Reliability Standard: PER-004-1

Requirement: R1 and R3

Violation Risk Factor: High

Violation Severity Level: Severe (R1) and Lower (R3)

Region: Texas RE

Issue: On February 26, 2008, the Electric Reliability Council of Texas, Inc. (ERCOT) declared an Emergency Electric Curtailment Plan Step 2 (EECP2) event on its system due to an unexpected imbalance between generation and load, causing a reduction in system frequency to levels that were outside acceptance operational limits. The event lasted two hours, but did not reduce in involuntary customer load shedding. Through an audit, Texas RE determined that ERCOT did not adequately train its operating personnel concerning EECP procedures, and operators did not understand crucial differences between Energy Emergency Alerts and EECP, in violation of R1. In violation of R3, operational personnel did not have a comprehensive understanding of required interactions with Southwest Power Pool (SPP) regarding the event; the ERCOT operator did not identify the emergency level correctly when communicating to SPP, and voice logs demonstrated that the ERCOT operator did not understand the procedure for moving energy across the DC tie.

Finding: Texas RE determined that the violation posed a serious and substantial risk to the BPS because it put the Texas grid reliability at unnecessary and avoidable higher levels of risk than would otherwise have been the case, potentially leading to a wide spread and severe system disturbance. Duration of violation was February 26, 2008. Texas RE and the NERC BOTCC took into consideration that this was ERCOT's first violation of the Standard in reaching a penalty assessment, and also concluded that the serious and substantial risk to the BPS constituted an aggravating factor.

Penalty: $384,000 (aggregate for 15 violations)

FERC Order: Issued October 28, 2011 (no further review)

WECC RC [Rocky Mountain-Desert Southwest Reliability Coordinator] 2010

Reliability Standard: PER-004-1

Requirement: R1, R3, R4

Violation Risk Factor: High

Violation Severity Level: Not provided

Region: NERC as Compliance Enforcement Authority (NCEA)

Issue: During the period from June 18, 2007 through January 1, 2009, the Rocky Mountain-Desert Southwest Reliability Coordinator (RDRC) did not have a documented training program in order to be staffed with adequately trained and NERC-certified Reliability Coordinator operators, as required by R1 of the Reliability Standard, nor did RDRC have a comprehensive understanding of the Reliability Coordinator Area and interactions with neighboring Reliability Coordinator Areas as required by R3. It was further discovered that RDRC did not have an extensive understanding of the Balancing Authorities, Transmission Operators, and Generation Operators within the Reliability Coordinator Area, including the operating staff, operating practices and procedures, restoration priorities and objectives, outage plans, equipment capabilities, and operational restrictions in violation of R4 of the Reliability Standard.
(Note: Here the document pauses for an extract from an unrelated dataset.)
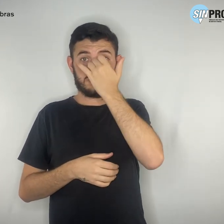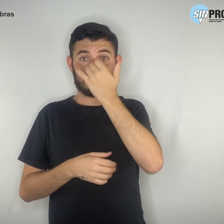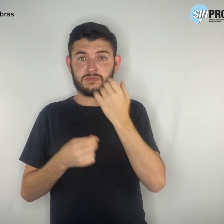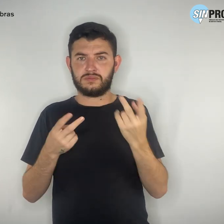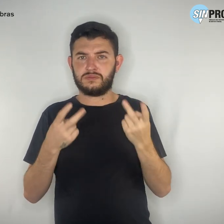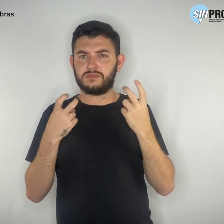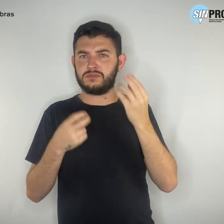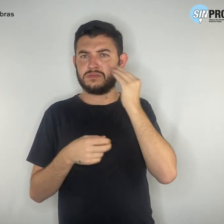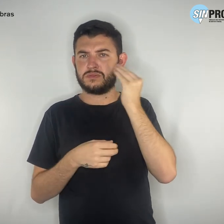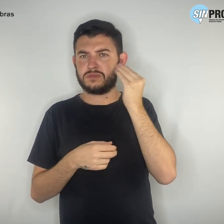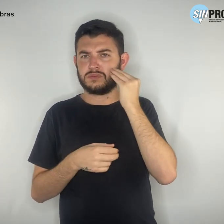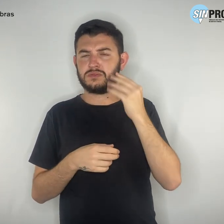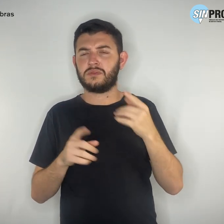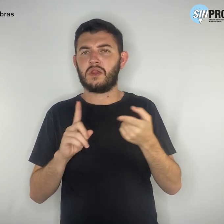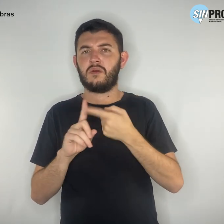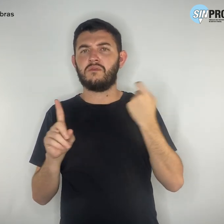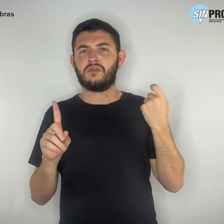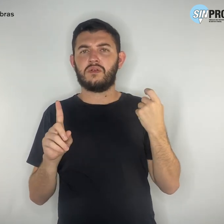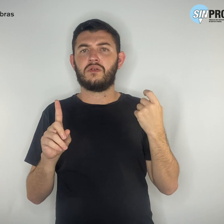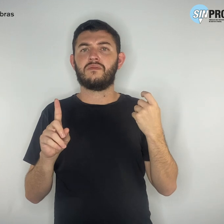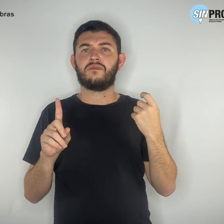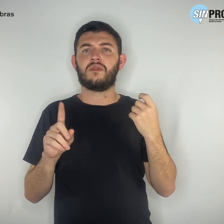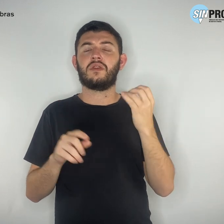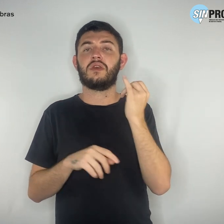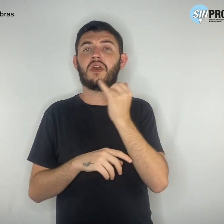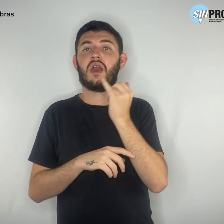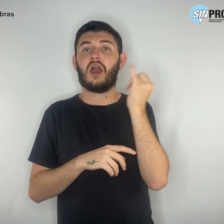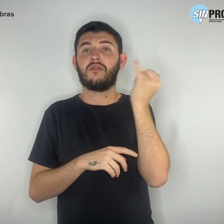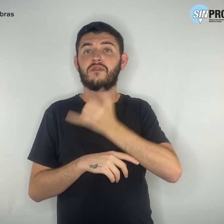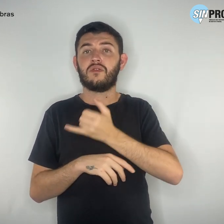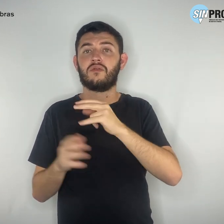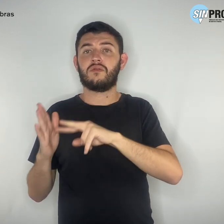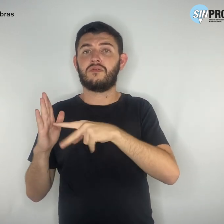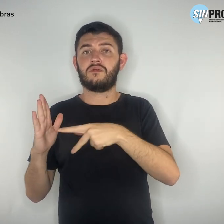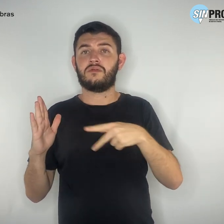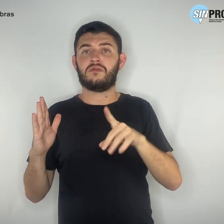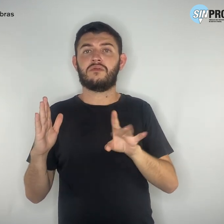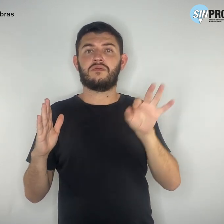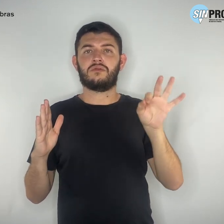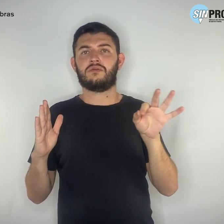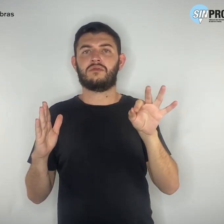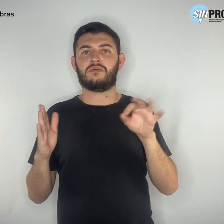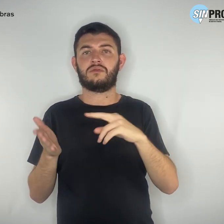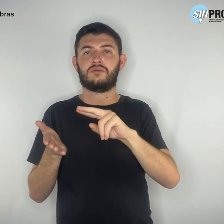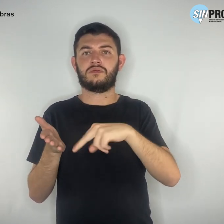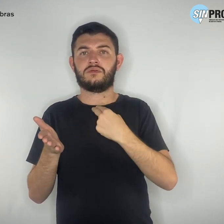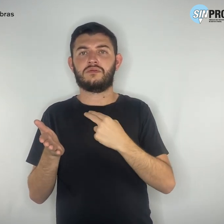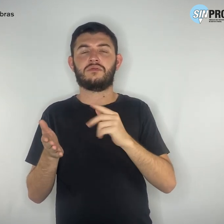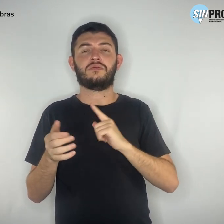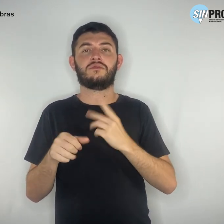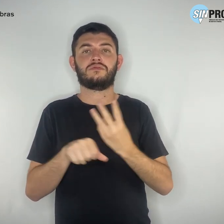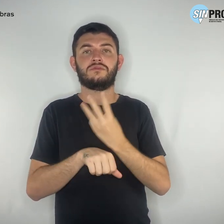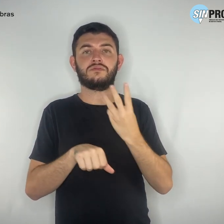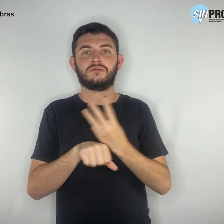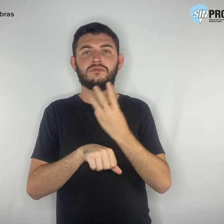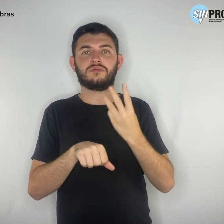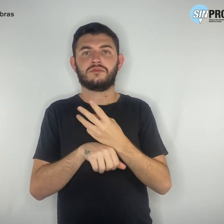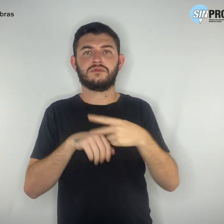tentativa de golpe e avisou ao Simpro, que recebeu a mensagem pelo WhatsApp do próprio celular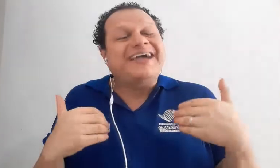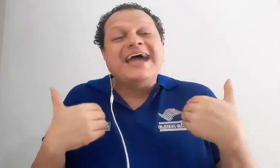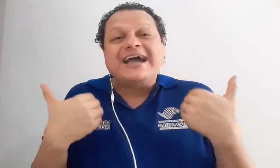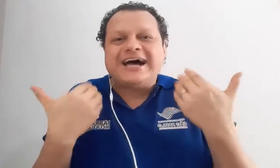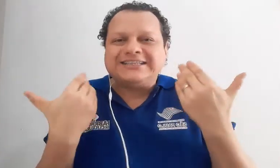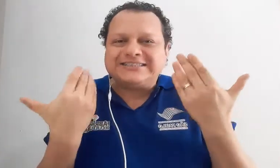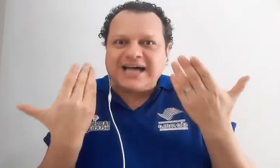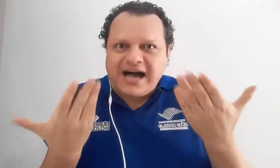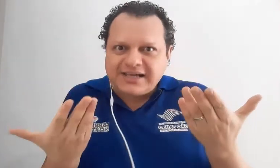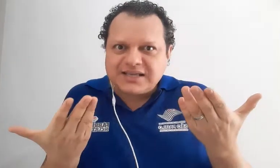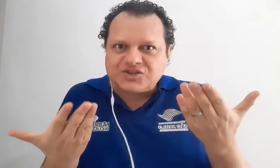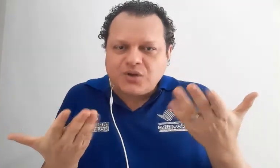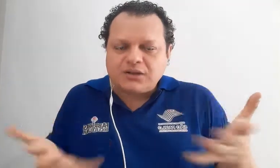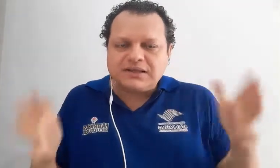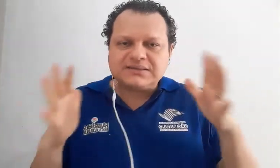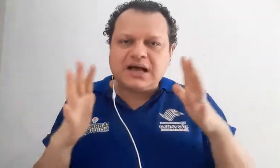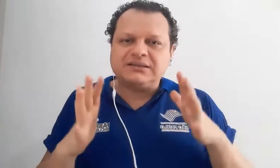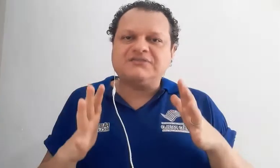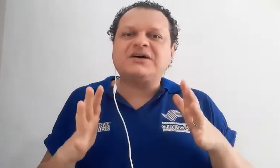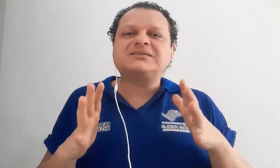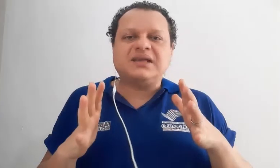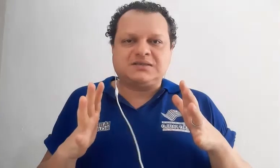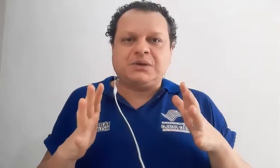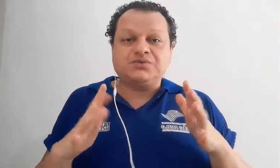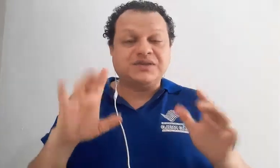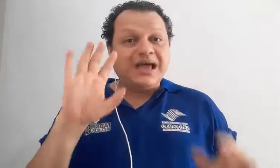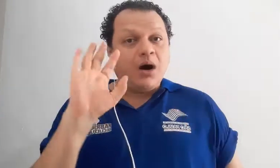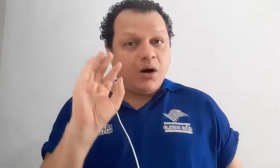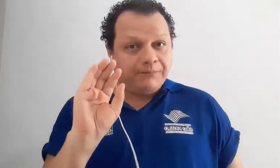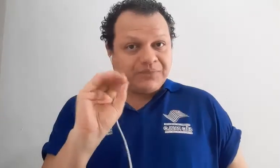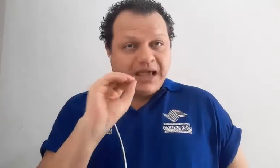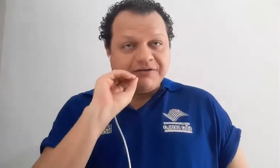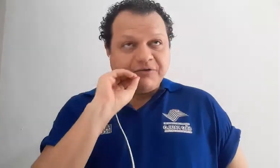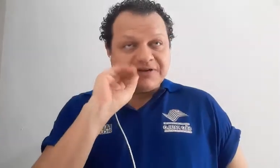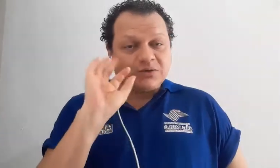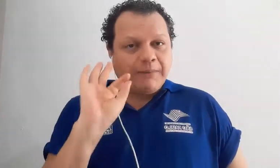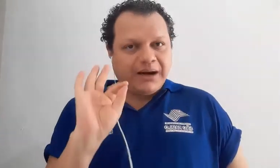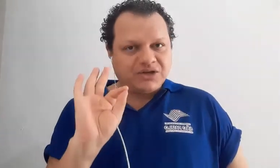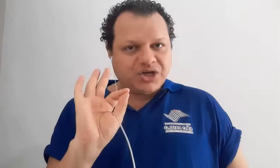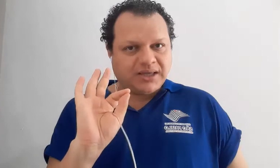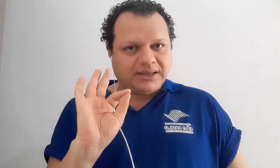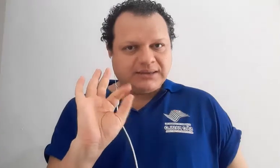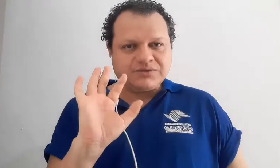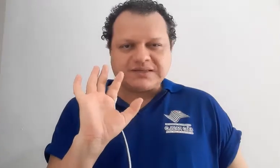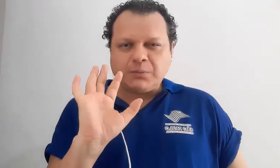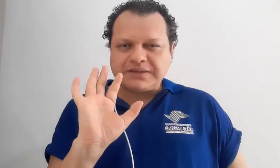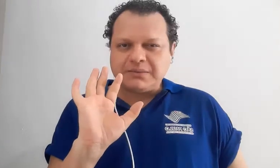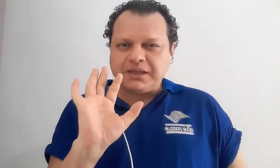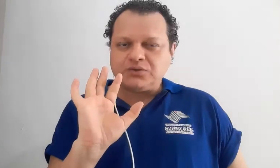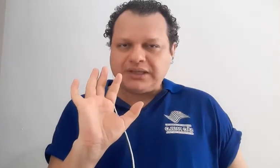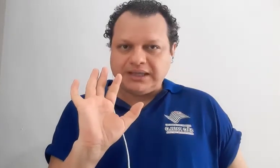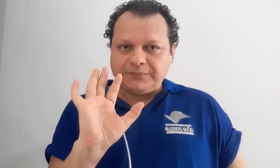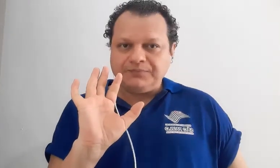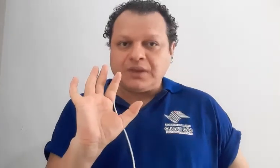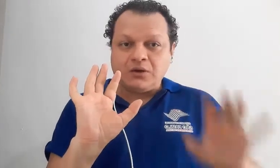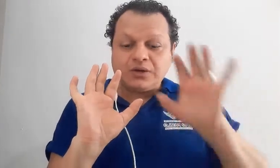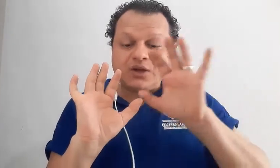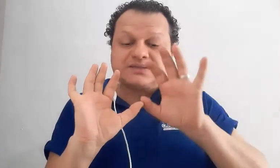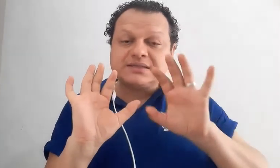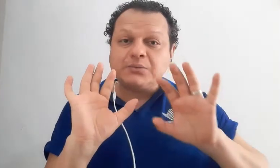cantar essas notas através das mãos. Ó, eu vou fazer uma parte aqui. Então, vocês estão percebendo que o que nós estamos

Finding: The violations were the first violations of this Reliability Standard and they did not constitute a serious or substantial risk to the bulk power system. WECC was certified as the Reliability Coordinator on January 1, 2009 and assumed all further responsibilities. The violation was mitigated through the dissolution of the entity and NERC's certification of WECC as the new Reliability Coordinator for the region.